Religiöse Bildung und Erziehung ist Bestandteil unseres ganzheitlichen Konzeptes und gehört zum Bildungsauftrag.
Bei uns werden Kinder vor allem mit der christlichen Religion vertraut gemacht. Kinder und deren Familien sind eingeladen zum Wahrnehmen, Mitfeiern und Entdecken des christlichen Glaubens. Die religionspädagogische Arbeit geht vom christlichen Festkreis aus und will im Dialog mit den Kindern altersgemäße Sinnantworten erschließen. Die Gestaltung der Feste des Kirchenjahres, das Kennenlernen von biblischen Geschichten sowie die angemessene  Entdeckung und Einübung religiöser Rituale, Gebete und Feiern werden bewusst für die Stärkung der Lebenskompetenz von Kindern in Dienst genommen. Religiöse Bildung knüpft an den Erfahrungen der Kinder an und ist im Alltag der pädagogischen Arbeit integriert.

In unserer Kindereinrichtung  erfahren Kinder und Familien, dass andere Kulturen und Religionen wertgeschätzt und geachtet werden.

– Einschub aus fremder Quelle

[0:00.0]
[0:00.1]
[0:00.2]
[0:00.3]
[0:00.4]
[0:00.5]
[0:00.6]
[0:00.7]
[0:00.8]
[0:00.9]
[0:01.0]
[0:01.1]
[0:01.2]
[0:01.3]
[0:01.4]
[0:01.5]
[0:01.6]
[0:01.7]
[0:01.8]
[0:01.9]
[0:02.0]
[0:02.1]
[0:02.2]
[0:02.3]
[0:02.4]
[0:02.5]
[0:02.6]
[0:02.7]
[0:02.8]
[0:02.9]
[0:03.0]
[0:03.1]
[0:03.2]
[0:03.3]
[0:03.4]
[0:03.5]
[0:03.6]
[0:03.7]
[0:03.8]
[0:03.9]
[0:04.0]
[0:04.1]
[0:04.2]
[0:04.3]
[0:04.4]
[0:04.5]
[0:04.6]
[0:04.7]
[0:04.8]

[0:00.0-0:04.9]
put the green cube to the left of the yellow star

  • Katholische Kindertageseinrichtungen orientieren sich an der Lebenswirklich von Familien in ihren vielfältigen Formen.

Unsere katholische Kindertageseinrichtung ist ein Ort der Familien. Es kommt hier auch darauf an , die vielfältigen und riskanten Situationen, in denen Kinder und Familien sich heute befinden, wahrzunehmen und daraus entsprechende Handlungskonsequenzen zu ziehen.

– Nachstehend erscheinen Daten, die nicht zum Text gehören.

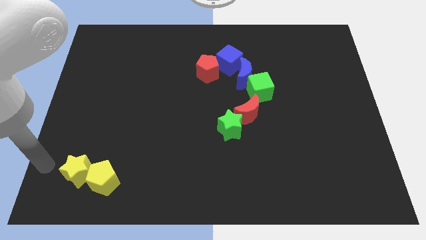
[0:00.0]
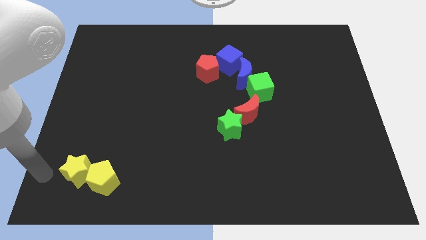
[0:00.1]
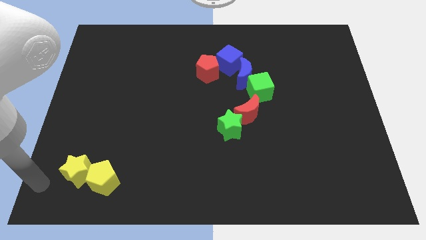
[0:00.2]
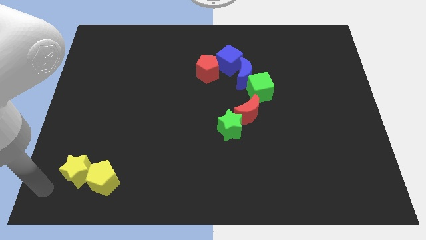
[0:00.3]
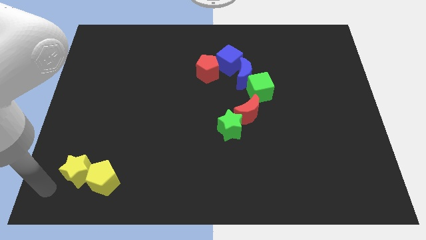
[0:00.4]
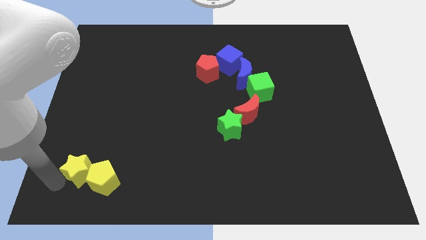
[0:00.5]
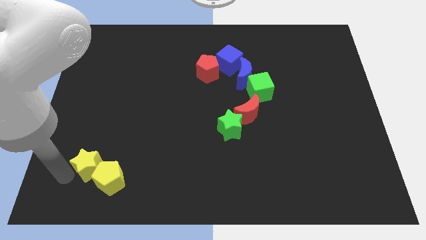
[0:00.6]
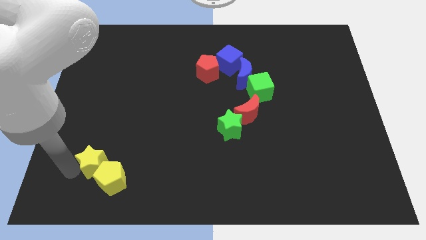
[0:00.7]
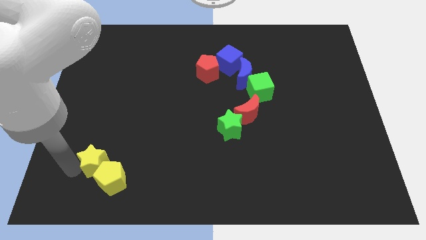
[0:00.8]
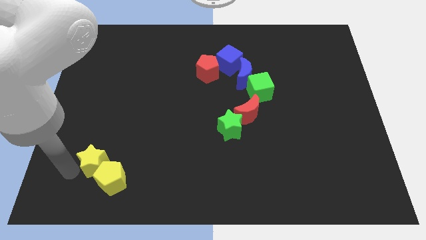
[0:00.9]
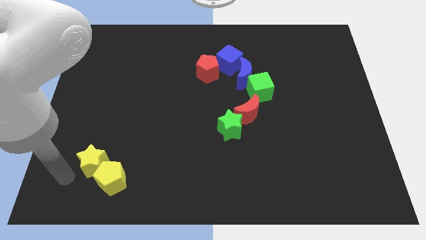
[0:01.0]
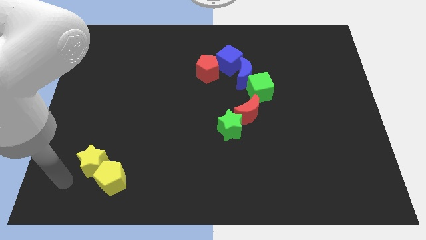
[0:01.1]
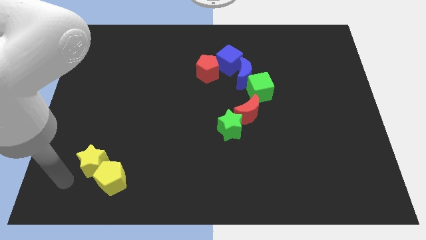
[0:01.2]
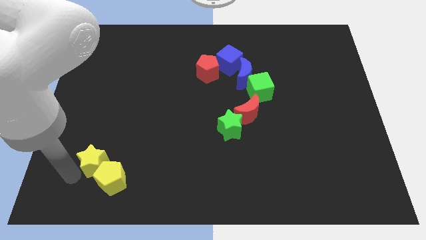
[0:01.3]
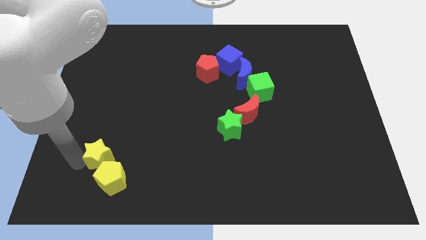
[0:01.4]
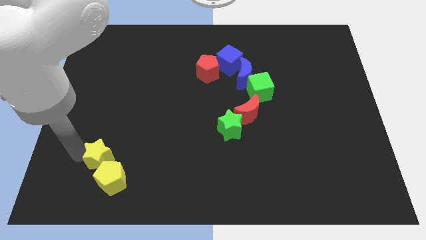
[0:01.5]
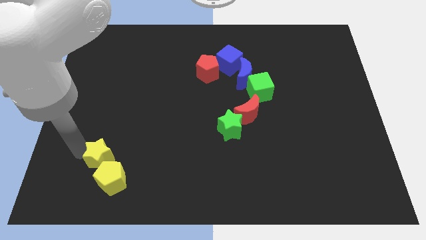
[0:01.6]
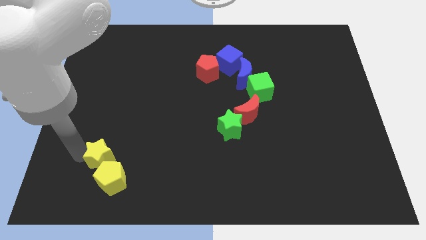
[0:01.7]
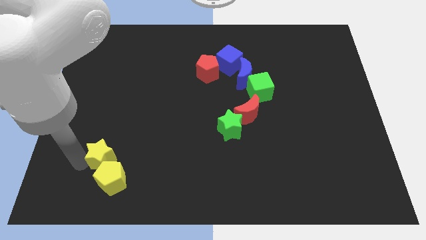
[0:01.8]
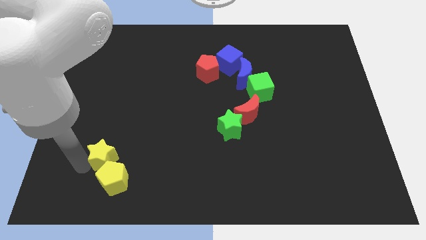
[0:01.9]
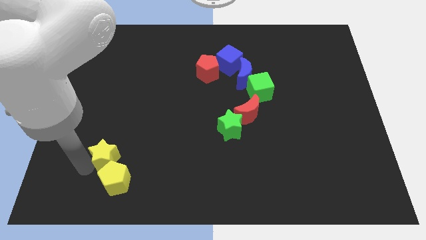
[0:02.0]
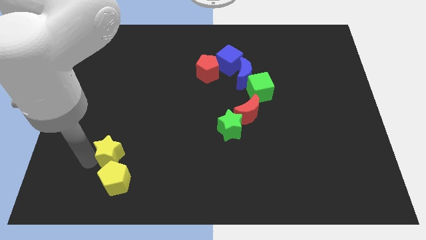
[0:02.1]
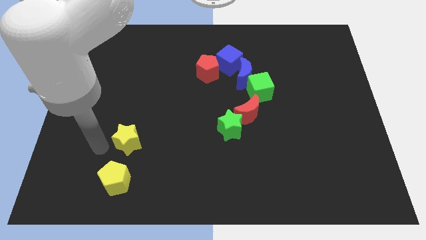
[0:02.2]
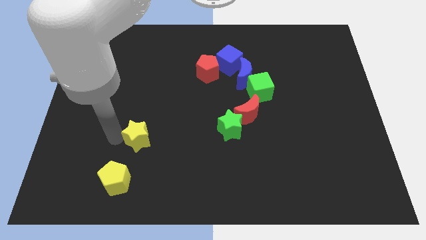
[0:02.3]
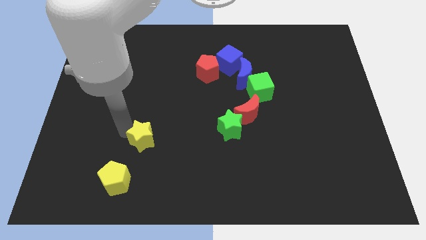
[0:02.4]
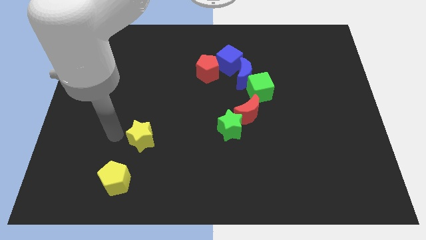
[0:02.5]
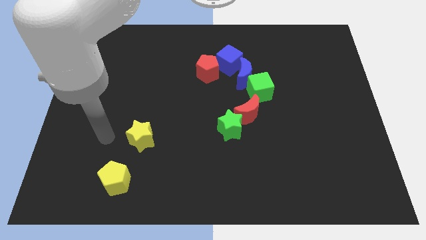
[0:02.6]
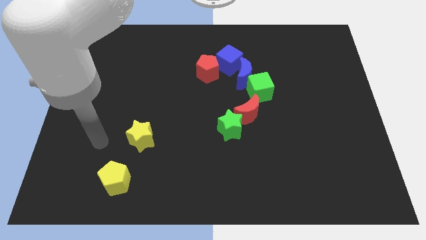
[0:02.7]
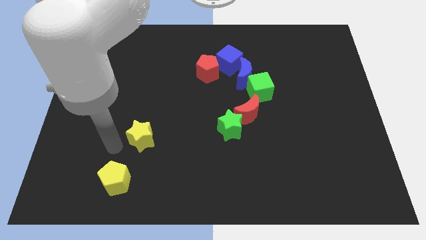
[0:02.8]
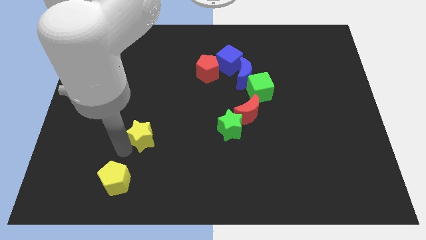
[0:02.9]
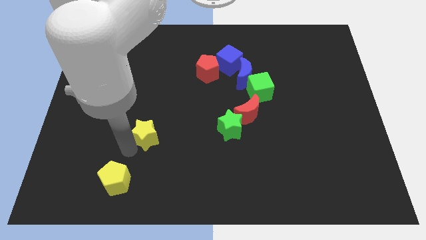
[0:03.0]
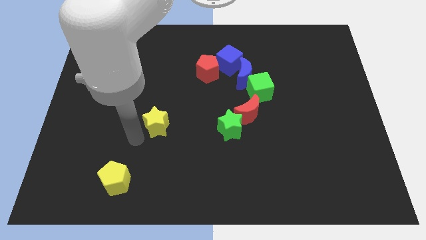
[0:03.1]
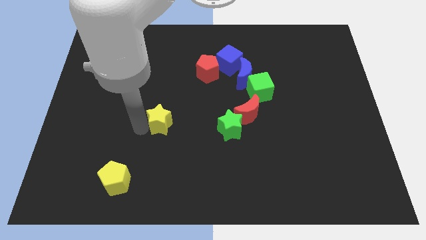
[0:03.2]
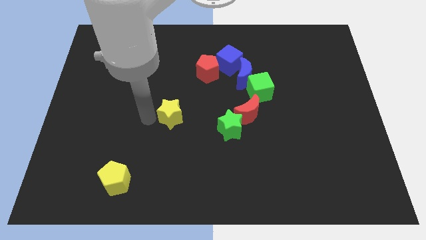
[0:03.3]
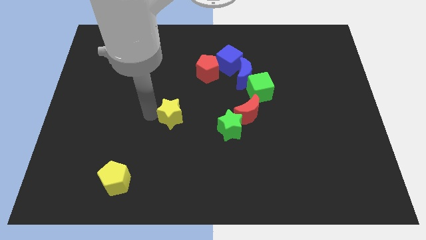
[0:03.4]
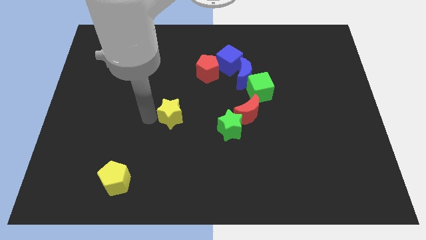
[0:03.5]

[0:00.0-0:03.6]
push yellow star diagonally below red pentagon

  • Die partnerschaftliche Zusammenarbeit mit Eltern ist Basis für eine gemeinsam verantwortete Erziehung der Kinder.

Die Kindertageseinrichtung betrachtet Eltern als Partner im Prozess der Erziehung und bei der Gestaltung der Arbeit in der Kindertageseinrichtung.

  • Katholische Kindertageseinrichtungen sind eingebunden in das Leben der Kirchengemeinde.

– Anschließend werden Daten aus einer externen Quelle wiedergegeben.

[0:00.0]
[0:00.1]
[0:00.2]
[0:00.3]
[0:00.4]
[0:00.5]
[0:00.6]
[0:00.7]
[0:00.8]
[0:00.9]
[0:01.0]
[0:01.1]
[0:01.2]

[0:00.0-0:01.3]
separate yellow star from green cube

Unsere katholische Tageseinrichtung für Kinder ist nach allen Seiten ihres Einzugsgebietes hin eine offene Einrichtung. Die Kirchengemeinde stellt eine besonders Ressource ihrer Arbeit dar. Das partnerschaftliche Miteinander von pädagogischen Mitarbeiter/innen und Gemeindemitgliedern ist eine Bereicherung für die Kindertageseinrichtung. Katholische Kindertageseinrichtungen sind so nicht allein nur Erfahrungs- und Lebensraum für Kinder, sondern auch Orte der Begegnung und Kommunikation für alle Beteiligten. Durch das Eingebundensein der Kindertageseinrichtung in die Kirchengemeinde wird für Kinder und deren Familien Glaube erfahrbar.

  • Erzieher/innen in katholischen Kindertageseinrichtung sind fachlich qualifiziert.

Unsere katholische Tageseinrichtung für Kinder legt sehr großen Wert auf qualifizierte fachliche wie auf personal-soziale Kompetenzen ihrer Mitarbeiter/innen. Regelmäßige Fort- und Weiterbildungen sind eine entscheidende Ressource für anerkannte Arbeit.

  • Qualitätsentwicklung

Katholische Tageseinrichtungen für Kinder erfüllen alle fachlichen Qualitätsstandards auf Erziehung, Bildung und Betreuung. Die katholischen Kindertageseinrichtungen im Bistum Magdeburg beteiligen sich seit 2003 an einem dialogorientierten Qualitätsmanagementsystem. Dieses prozessbezogene Qualitätsmanagementsystem stützt sich auf das Modell „Kronberger Kreis“ wie auch auf IQUE, das von Ulrike Zische ursprünglich für Berliner Kindergärten entwickelt wurde.